Would this be considered dependency injection?
<?php
class BASE_Model extends CI_Model
{
/**
* inject_class - load class using dependency injection
*
* @access public
* @param string $path
* @param string $class
* @param string $func
* @param string $method
**/
public function inject_class($path, $class, $func, $method)
{
// load_class is a function located in system/core/common.php on line 123
$obj = load_class($class, $path, NULL);
return $obj->$func();
}
}
// lets say this is instantiated by a user controller when a new user is made
class User_model extends BASE_Model
{
public function create()
{
echo 'create a new user';
$request = $this->inject_class('path/to/models', 'Logger_model', 'log');
echo $request;
}
}
class Logger_model extends BASE_Model
{
public function log()
{
return 'Logged';
}
}
No.
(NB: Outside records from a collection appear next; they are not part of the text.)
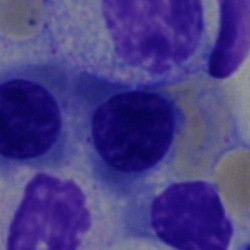

Morphological class = normoblast.
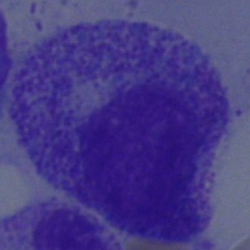
Impression — myelocyte.
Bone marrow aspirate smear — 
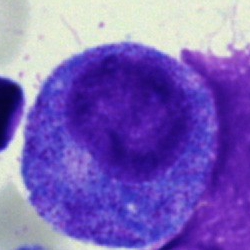Q: What cell is this?
A: It is a progranulocyte.
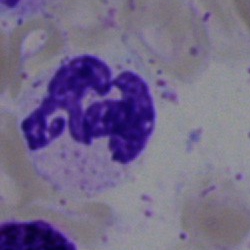
Q: Which cell type is shown here?
A: It is a segmented neutrophil.
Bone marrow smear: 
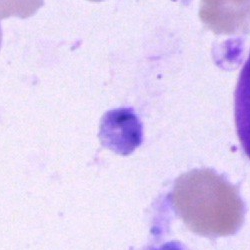The classification is artifact.
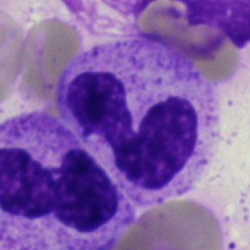Q: What cell is this?
A: Segmented neutrophil.
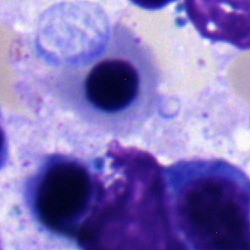
Morphology → nucleated red cell.
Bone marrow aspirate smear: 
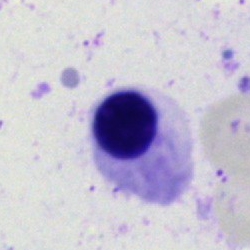

Cell = erythroblast.
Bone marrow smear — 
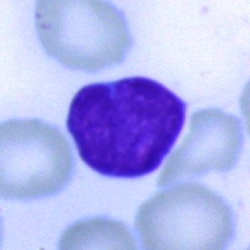Specimen: bone marrow aspirate smear.
Classification: typical lymphocyte.
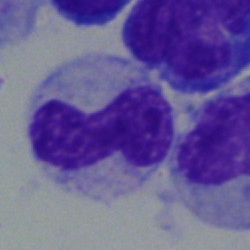
{"cell_type": "band neutrophil", "lineage": "myeloid"}
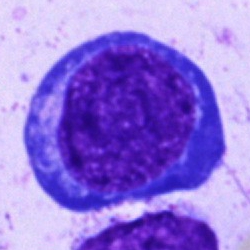
Bone marrow aspirate smear, single cell — proerythroblast.
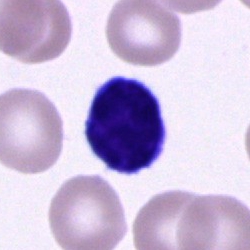
Cell type = typical lymphocyte.
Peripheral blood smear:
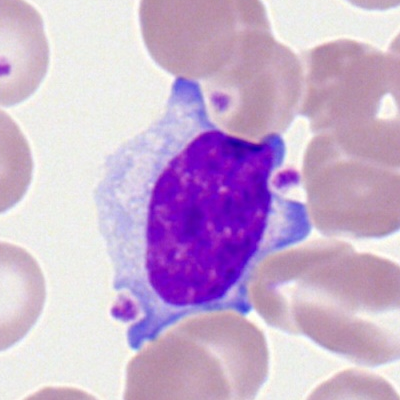Morphological class — typical lymphocyte.
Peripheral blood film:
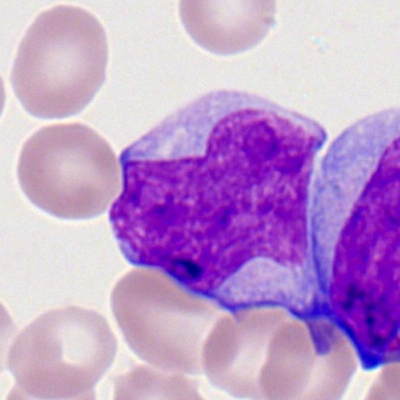Myeloblast.
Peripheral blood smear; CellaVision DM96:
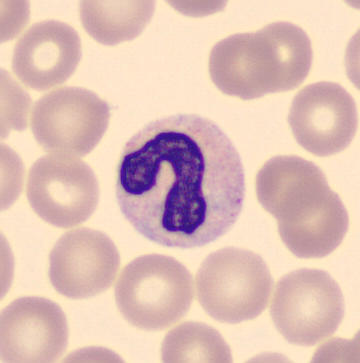 Q: What type of cell is this?
A: A band neutrophil.
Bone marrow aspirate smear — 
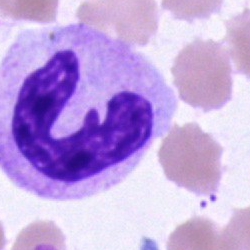 This is a stab cell.
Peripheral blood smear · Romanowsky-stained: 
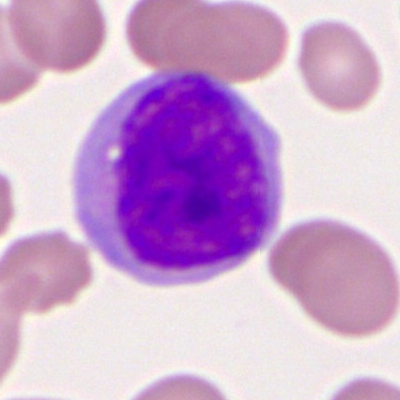

Q: Identify the cell.
A: Myeloid blast.
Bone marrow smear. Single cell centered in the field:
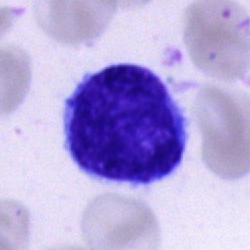Cell: cell of indeterminate lineage.
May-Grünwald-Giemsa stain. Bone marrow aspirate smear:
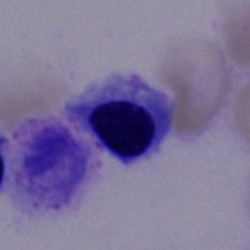

The morphological class is normoblast.
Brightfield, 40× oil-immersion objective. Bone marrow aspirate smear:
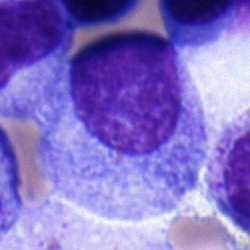Myelocyte.
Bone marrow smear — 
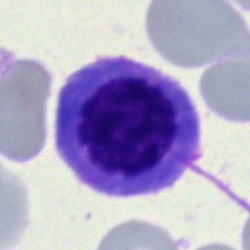This is an erythroblast.
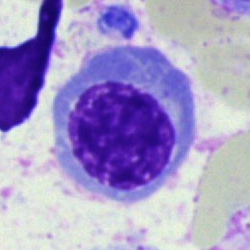

The morphological class is nucleated red blood cell.
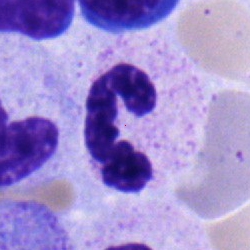

Morphology consistent with a segmented neutrophil.
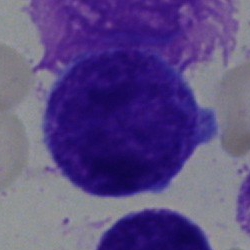

Bone marrow aspirate smear, single cell — promyelocyte.
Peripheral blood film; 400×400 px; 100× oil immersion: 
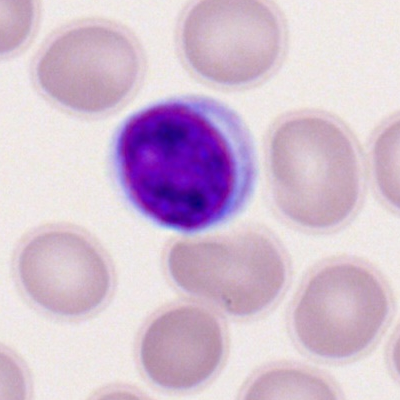Q: What type of cell is this?
A: It is a typical lymphocyte.
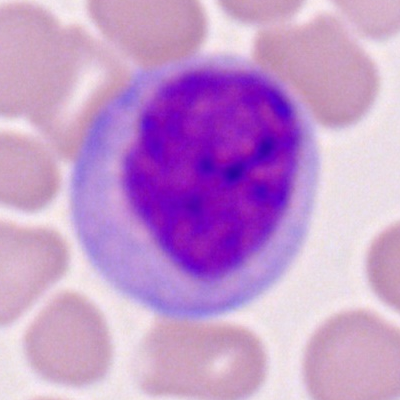 Q: What is shown here?
A: Monocyte.
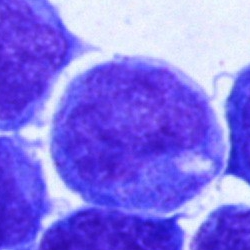 The classification is undifferentiated blast.
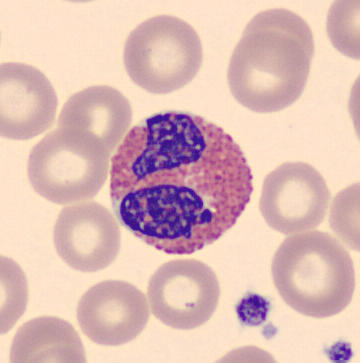 Acquisition: 360×363 px · cropped to a single cell · peripheral blood smear.

Classification — eosinophil.
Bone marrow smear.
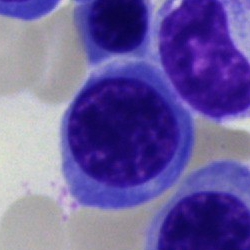 Morphology consistent with a nucleated red cell.
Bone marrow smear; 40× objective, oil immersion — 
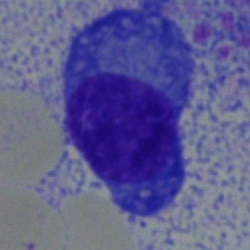

Q: What type of cell is this?
A: It is a plasmacyte.

That's just another way of how the object loads dependencies itself. The point of dependency injection is that every method/object/function takes its dependencies as arguments and does not load them itself in any way. User_model::create
is injecting loading another class by itself, which is not accepting the dependency as an argument.
The point of dependency injection is to reduce coupling. The User_model
is now coupled to the Logger_model
class, since it hardcodes the name and path to that specific class inside itself. If you wanted to use or test the User_model
by itself in isolation, without it logging stuff you don't want, you cannot do so anymore. Real DI would be this:
public function create(Logger_model $log) {
// here be dragons
$log->log();
}
This way you can inject a mocked dummy logging class when you want to test the method without breaking anything or use alternative types of loggers when needed without needing to change any code.